MATERIALS PROVIDED: Begin

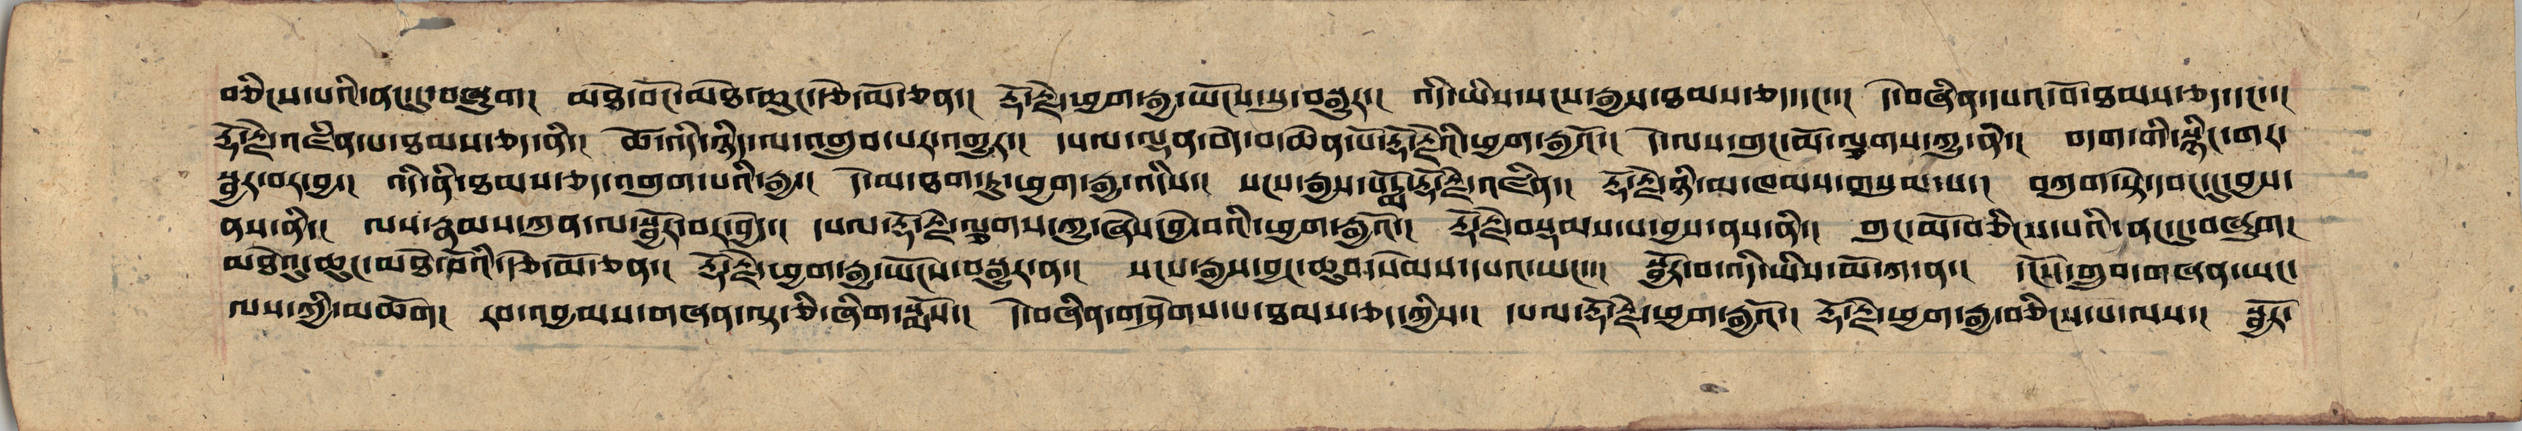བཅིངས་པའི་ནང་དུ་བཞུག། མཐེ་བོང་མཐེ་ཆུང་རྩེ་མོ་ཅན་། རྡོ་རྗེ་ཕྱག་རྒྱ་ཡོངས་སུ་བསྒྱུར་། འདི་ཡིས་སངས་རྒྱས་ཐམས་ཅད་དང་་། དེ་བཞིན་དཔའ་བོ་ཐམས་ཅད་དང་་།
རྡོ་རྗེ་འཛིན་པ་ཐམས་ཅད་ནི་། ཚེ་འདི་ཉིད་ལ་འགྲུབ་པར་འགྱུར་། དཔལ་ལྡན་བདེ་བ་ཆེན་པོ་རྡོ་རྗེའི་ཕྱག་རྒྱའོ་། དེ་ལས་གུང་མོ་ལྕགས་ཀྱུ་ནི་། བདག་གི་སྙིང་གར་
སྦྱར་བར་བྱ་། འདི་ནི་ཐམས་ཅད་འགུག་པའི་རྒྱ་། དེ་མ་ཐག་ཏུ་ཕྱག་རྒྱ་འདིས་། སངས་རྒྱས་པདྨོ་རྡོ་རྗེ་འཛིན་། རྡོ་རྗེ་ཉི་མ་ཁམས་གསུམ་པ་། བཀུག་སྟེ་དབང་དུ་བྱས
ནས་ནི་། ལས་རྣམས་ཀུན་ལ་སྦྱོར་བར་བྱེད་། དཔལ་རྡོ་རྗེ་ལྕགས་ཀྱུ་ཞེས་བྱེ་བའི་ཕྱག་རྒྱའོ་། རྡོ་རྗེ་བསྡམས་པ་བྱས་ནས་ནི་། གུང་མོ་བཅིངས་པའི་ནང་དུ་བཞུག།
མཐེའུ་ཆུང་མཐེ་བོའི་རྩེ་མོ་ཅན་། རྡོ་རྗེ་ཕྱག་རྒྱཡོངས་བསྒྱུར་ན་། སངས་རྒྱས་བྱང་ཆུབ་སེམས་དཔའ་ཡང་་། སྦྱོར་བ་འདི་ཡིས་མོ་ཀ་ན་། དངོས་གྲུབ་གཞན་ཡང་
ལས་ཀྱི་མཆོག། རབ་འབྱམས་གཞན་ལྟ་ཅི་ཞིག་སྨོས་། དེ་བཞིན་གཤེགས་པ་ཐམས་ཅད་གྱིས་། དཔལ་རྡོ་རྗེ་ཕྱག་རྒྱའོ་། རྡོ་རྗེ་ཕྱག་རྒྱ་བཅིངས་པ་ལས་། སྦྱོར་
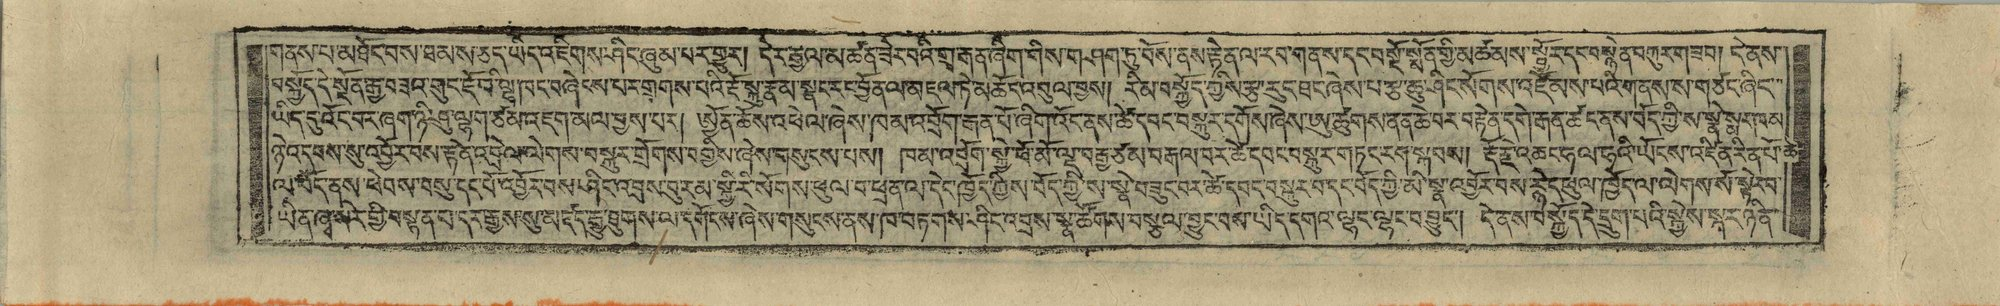གནས་པ་མཐོང་བས་ཐམས་ཅད་ཡིད་འཇིགས་ཤིང་ཞུམ་པར་གྱུར། དེར་རྒྱལ་མཚན་ཟེར་བའི་གྲྭ་རྒན་ཞིག་གིས་གཤག་ཏུ་བོས་ནས་རྟེན་ལ་རབ་གནས་དང་བསྡོ་སྨོན་གྱི་མཚམས་སྦྱོར་དང་བསྙེན་བཀུར་གཟབ། དེ་ནས་
བསྐྱོད་དེ་སྔོན་རྒྱ་བཟའ་གུང་ཇོ་བི་ལྷ་ཁང་བཞེངས་པར་གྲགས་པའི་རྔོ་སྐུ་རྣམ་སྣང་རང་བྱོན་ལ་མཇལ་ཏེ་མཆོད་འབུལ་བྱས། རིམ་བསྐྱོད་ཀྱིས་རྩ་རུང་ཐང་ཞེས་པ་རྩ་ཆུ་ཤིང་སོགས་འཛོམས་པའི་གནས་ས་གཙང་ཞིང་
ཡིད་དུ་འོང་བར་ཞག་ཉི་ཤུ་ལྷག་ཙམ་འཇག་མལ་བྱས་པར། ཨྱོན་ཆོས་འཕེལ་ཞེས་ཁམ་འབྲོག་རྒན་པོ་ཞིག་འོང་ནས་ཚེ་དབང་བསྐུར་དགོས་ཞེས་ཨུ་ཚུགས་ནན་ཆེ་བར་བརྟེན་དགེ་རྒན་ཚང་ནས་བོད་ཀྱི་ས་སྣེ་སྨར་ཁམ་
ཉེ་འདབས་སུ་འབྱོར་བས་རྟེན་འབྲེལ་ལེགས་བསྐུར་གྲོགས་བགྱིས་ཞེས་གསུངས་པས། ཁམ་འབྲོག་སྐྱེ་ཕོ་མོ་ལྔ་བརྒྱ་ཙམ་བརྒལ་བར་ཚེ་དབང་བསྐུར་གཏང་རག་སྐབས། རྡོ་རྗེ་འཆང་ཧལ་ཧའི་ཡོངས་འཛིན་རིན་པོ་ཆེ་
ལ་བོད་ནས་ཕེབས་བསུ་དང་པོ་འབྱོར་བས་ཤིང་འབྲས་བུ་རམ་སྐྱི་རི་སོགས་ཕུལ་བ་ཕྲན་ལ་དེང་ཁྱོད་ཀྱིས་བོད་ཀྱི་ས་སྣེ་བཟུང་བར་ཚེ་དབང་བསྐུར་བ་དང་བོད་ཀྱི་མི་སྣ་འབྱོར་བས་རྙེད་ཕུལ་ཁྱོད་ལ་ལེགས་སོ་སྟེར་བ་
ཡིན་ཞྭ་སེར་གྱི་བསྟན་པ་དར་རྒྱས་སུ་མཛད་རྒྱུ་ཐུགས་ལ་དགོངས་ཞེས་གསུངས་ནས་ཁ་བཏགས་ཤིང་འབྲས་སྣ་ཚོགས་བསྩལ་བྱུང་བས་ཡིད་དགའ་ལྷང་ལྷང་བ་བྱུང་། དེ་ནས་བསྐྱོད་དེ་དྲུག་པའི་སྐྱེས་སྐར་ཉིན་
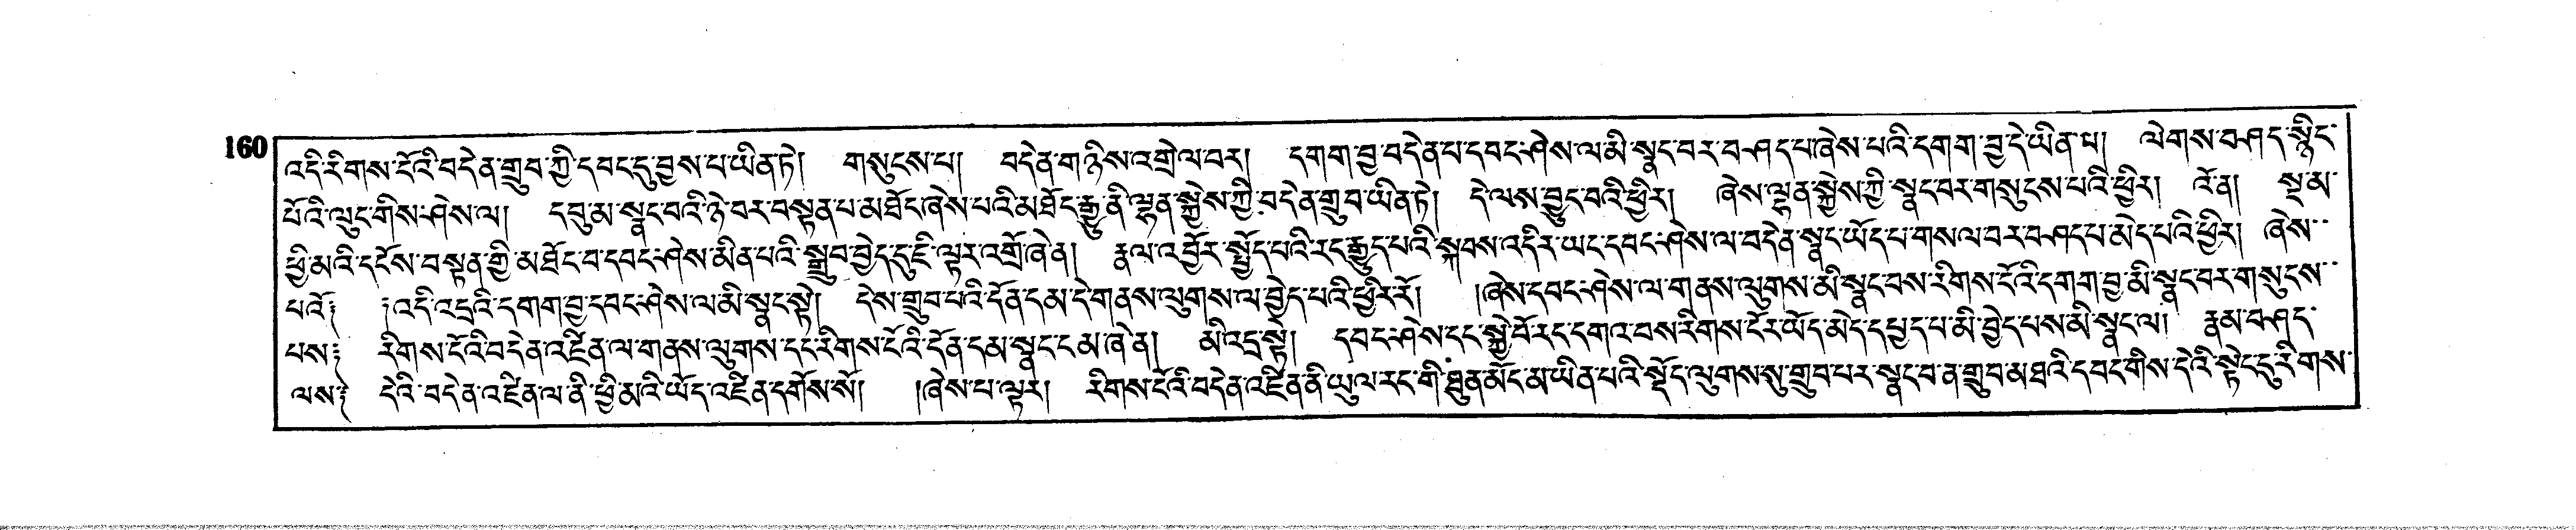འདི་རིགས་ངོའི་བདེན་གྲུབ་ཀྱི་དབང་དུ་བྱས་པ་ཡིན་ཏེ། གསུངས་པ། བདེན་གཉིས་འགྲེལ་བར། དགག་བྱ་བདེན་པ་དབང་ཤེས་ལ་མི་སྣང་བར་བཤད་པ་ཞེས་པའི་དགག་བྱ་དེ་ཡིན་པ། ལེགས་བཤད་སྙིང་
པོའི་ལུང་གིས་ཤེས་ལ། དབུ་མ་སྣང་བའི་ཉེ་བར་བསྟན་པ་མཐོང་ཞེས་པའི་མཐོང་རྒྱུ་ནི་ལྷན་སྐྱེས་ཀྱི་བདེན་གྲུབ་ཡིན་ཏེ། དེ་ལས་བྱུང་བའི་ཕྱིར། ཞེས་ལྷན་སྐྱེས་ཀྱི་སྣང་བར་གསུངས་པའི་ཕྱིར། འོ་ན། སྔ་མ་
ཕྱི་མའི་དངོས་བསྟན་གྱི་མཐོང་བ་དབང་ཤེས་མིན་པའི་སྒྲུབ་བྱེད་དུ་ཇི་ལྟར་འགྲོ་ཞེ་ན། རྣལ་འབྱོར་སྤྱོད་པའི་རང་རྒྱུད་པའི་སྐབས་འདིར་ཡང་དབང་ཤེས་ལ་བདེན་སྣང་ཡོད་པ་གསལ་བར་བཤད་པ་མེད་པའི་ཕྱིར། ཞེས་
པའོ། །འདི་འདྲའི་དགག་བྱ་དབང་ཤེས་ལ་མི་སྣང་སྟེ། དེས་གྲུབ་པའི་དོན་དམ་དེ་གནས་ལུགས་ལ་བྱེད་པའི་ཕྱིར་རོ། །ཞེས་དབང་ཤེས་ལ་གནས་ལུགས་མི་སྣང་བས་རིགས་ངོའི་དགག་བྱ་མི་སྣང་བར་གསུངས་
པས། རིགས་ངོའི་བདེན་འཛིན་ལ་གནས་ལུགས་དང་རིགས་ངོའི་དོན་དམ་སྣང་ངམ་ཞེ་ན། མི་འདྲ་སྟེ། དབང་ཤེས་དང་སྐྱེ་བོ་རང་དགའ་བས་རིགས་ངོར་ཡོད་མེད་དཔྱད་པ་མི་བྱེད་པས་མི་སྣང་ལ། རྣམ་བཤད་
ལས། དེའི་བདེན་འཛིན་ལ་ནི་ཕྱི་མའི་ཡོད་འཛིན་དགོས་སོ། །ཞེས་པ་ལྟར། རིགས་ངོའི་བདེན་འཛིན་ནི་ཡུལ་རང་གི་ཐུན་མོང་མ་ཡིན་པའི་སྡོད་ལུགས་སུ་གྲུབ་པར་སྣང་བ་ན་གྲུབ་མཐའི་དབང་གིས་དེའི་སྟེང་དུ་རིགས་

MATERIALS PROVIDED: End

REQUIRED ACTION: Starting with the line that contains "ལ་བོད་ནས་ཕེབས་", give the lines again exactly as they appear through the last line of the data, pictures excluded.

OUTPUT FOR THIS EXERCISE:
ལ་བོད་ནས་ཕེབས་བསུ་དང་པོ་འབྱོར་བས་ཤིང་འབྲས་བུ་རམ་སྐྱི་རི་སོགས་ཕུལ་བ་ཕྲན་ལ་དེང་ཁྱོད་ཀྱིས་བོད་ཀྱི་ས་སྣེ་བཟུང་བར་ཚེ་དབང་བསྐུར་བ་དང་བོད་ཀྱི་མི་སྣ་འབྱོར་བས་རྙེད་ཕུལ་ཁྱོད་ལ་ལེགས་སོ་སྟེར་བ་
ཡིན་ཞྭ་སེར་གྱི་བསྟན་པ་དར་རྒྱས་སུ་མཛད་རྒྱུ་ཐུགས་ལ་དགོངས་ཞེས་གསུངས་ནས་ཁ་བཏགས་ཤིང་འབྲས་སྣ་ཚོགས་བསྩལ་བྱུང་བས་ཡིད་དགའ་ལྷང་ལྷང་བ་བྱུང་། དེ་ནས་བསྐྱོད་དེ་དྲུག་པའི་སྐྱེས་སྐར་ཉིན་
འདི་རིགས་ངོའི་བདེན་གྲུབ་ཀྱི་དབང་དུ་བྱས་པ་ཡིན་ཏེ། གསུངས་པ། བདེན་གཉིས་འགྲེལ་བར། དགག་བྱ་བདེན་པ་དབང་ཤེས་ལ་མི་སྣང་བར་བཤད་པ་ཞེས་པའི་དགག་བྱ་དེ་ཡིན་པ། ལེགས་བཤད་སྙིང་
པོའི་ལུང་གིས་ཤེས་ལ། དབུ་མ་སྣང་བའི་ཉེ་བར་བསྟན་པ་མཐོང་ཞེས་པའི་མཐོང་རྒྱུ་ནི་ལྷན་སྐྱེས་ཀྱི་བདེན་གྲུབ་ཡིན་ཏེ། དེ་ལས་བྱུང་བའི་ཕྱིར། ཞེས་ལྷན་སྐྱེས་ཀྱི་སྣང་བར་གསུངས་པའི་ཕྱིར། འོ་ན། སྔ་མ་
ཕྱི་མའི་དངོས་བསྟན་གྱི་མཐོང་བ་དབང་ཤེས་མིན་པའི་སྒྲུབ་བྱེད་དུ་ཇི་ལྟར་འགྲོ་ཞེ་ན། རྣལ་འབྱོར་སྤྱོད་པའི་རང་རྒྱུད་པའི་སྐབས་འདིར་ཡང་དབང་ཤེས་ལ་བདེན་སྣང་ཡོད་པ་གསལ་བར་བཤད་པ་མེད་པའི་ཕྱིར། ཞེས་
པའོ། །འདི་འདྲའི་དགག་བྱ་དབང་ཤེས་ལ་མི་སྣང་སྟེ། དེས་གྲུབ་པའི་དོན་དམ་དེ་གནས་ལུགས་ལ་བྱེད་པའི་ཕྱིར་རོ། །ཞེས་དབང་ཤེས་ལ་གནས་ལུགས་མི་སྣང་བས་རིགས་ངོའི་དགག་བྱ་མི་སྣང་བར་གསུངས་
པས། རིགས་ངོའི་བདེན་འཛིན་ལ་གནས་ལུགས་དང་རིགས་ངོའི་དོན་དམ་སྣང་ངམ་ཞེ་ན། མི་འདྲ་སྟེ། དབང་ཤེས་དང་སྐྱེ་བོ་རང་དགའ་བས་རིགས་ངོར་ཡོད་མེད་དཔྱད་པ་མི་བྱེད་པས་མི་སྣང་ལ། རྣམ་བཤད་
ལས། དེའི་བདེན་འཛིན་ལ་ནི་ཕྱི་མའི་ཡོད་འཛིན་དགོས་སོ། །ཞེས་པ་ལྟར། རིགས་ངོའི་བདེན་འཛིན་ནི་ཡུལ་རང་གི་ཐུན་མོང་མ་ཡིན་པའི་སྡོད་ལུགས་སུ་གྲུབ་པར་སྣང་བ་ན་གྲུབ་མཐའི་དབང་གིས་དེའི་སྟེང་དུ་རིགས་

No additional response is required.